Machiavel au parti socialiste

L’épisode se termine, mais j’ai été vraiment impressionné par la dureté du combat entre Ségolène Royal et Martine Aubry. J’ai été encore plus étonné de la tenacité incroyable de Ségolène Royal, de sa détermination à prendre la tête d’un parti moribond, divisé sur à peu près tous les grands sujets de politique. Franchement, quand on a des ambitions présidentielles, quel intérêt peut-on avoir à diriger un parti qui s’apprête à traverser un long, très long désert avant de renouer avec la victoire?

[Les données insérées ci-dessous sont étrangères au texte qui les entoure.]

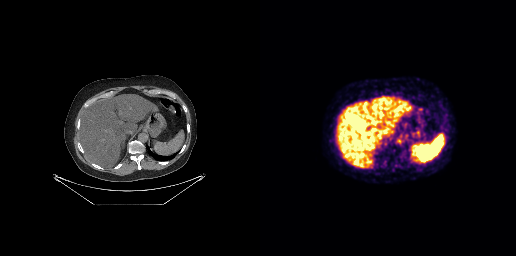
Negative for PSMA-avid disease on this slice.
modality: PSMA PET/CT | tracer: 18F | view: axial | PET grid: 256×256
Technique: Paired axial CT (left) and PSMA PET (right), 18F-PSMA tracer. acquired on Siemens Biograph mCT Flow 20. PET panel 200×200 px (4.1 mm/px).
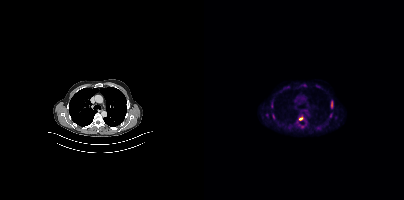
Findings: Coordinates are on the 200×200 PET (right) panel. (showing 8 of 10 foci) PSMA-avid tumor lesion bounding boxes (x0,y0,x1,y1): [126,100,129,108], [125,113,128,117], [68,114,70,119], [67,103,68,107]. Small PSMA-avid foci (2 to 4 px across) near (center x, center y): (114, 128), (96, 118), (62, 115), (100, 85).
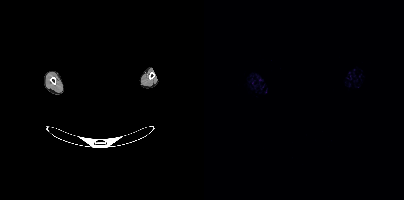
- Two-panel axial: CT | PSMA PET, 18F tracer
- slice 403 of 403
- head region blanked for anonymization (face removed)
Findings: This slice has no annotated PSMA-avid lesion.

Autre question que je me pose là-tout-de-suite-maintenant : comment peut-on confier l’arbitrage d’un scrutin que l’on conteste à un membre du parti (Daniel Vaillant) qui soutenait Delanoë et donc au final Aubry? Pourquoi ne pas confier la tâche à un cabinet indépendant?
J’ai jamais rien compris au PS. Je n’y comprends toujours rien. La seule chose que je retiens, c’est qu’en matière de communication, Ségolène Royal reste quand même une sorte de référence ultime : elle, la perdante, finit de se forger son image de femme de fer, seule contre tous. Pendant ce temps là, la gagnante va devoir assumer les échecs de son parti sur les deux années à venir. Bien joué.
29 novembre 2008 à 20:30
Salut Antton,
J’aime toujours autant ta façon d’analiser l’actualité!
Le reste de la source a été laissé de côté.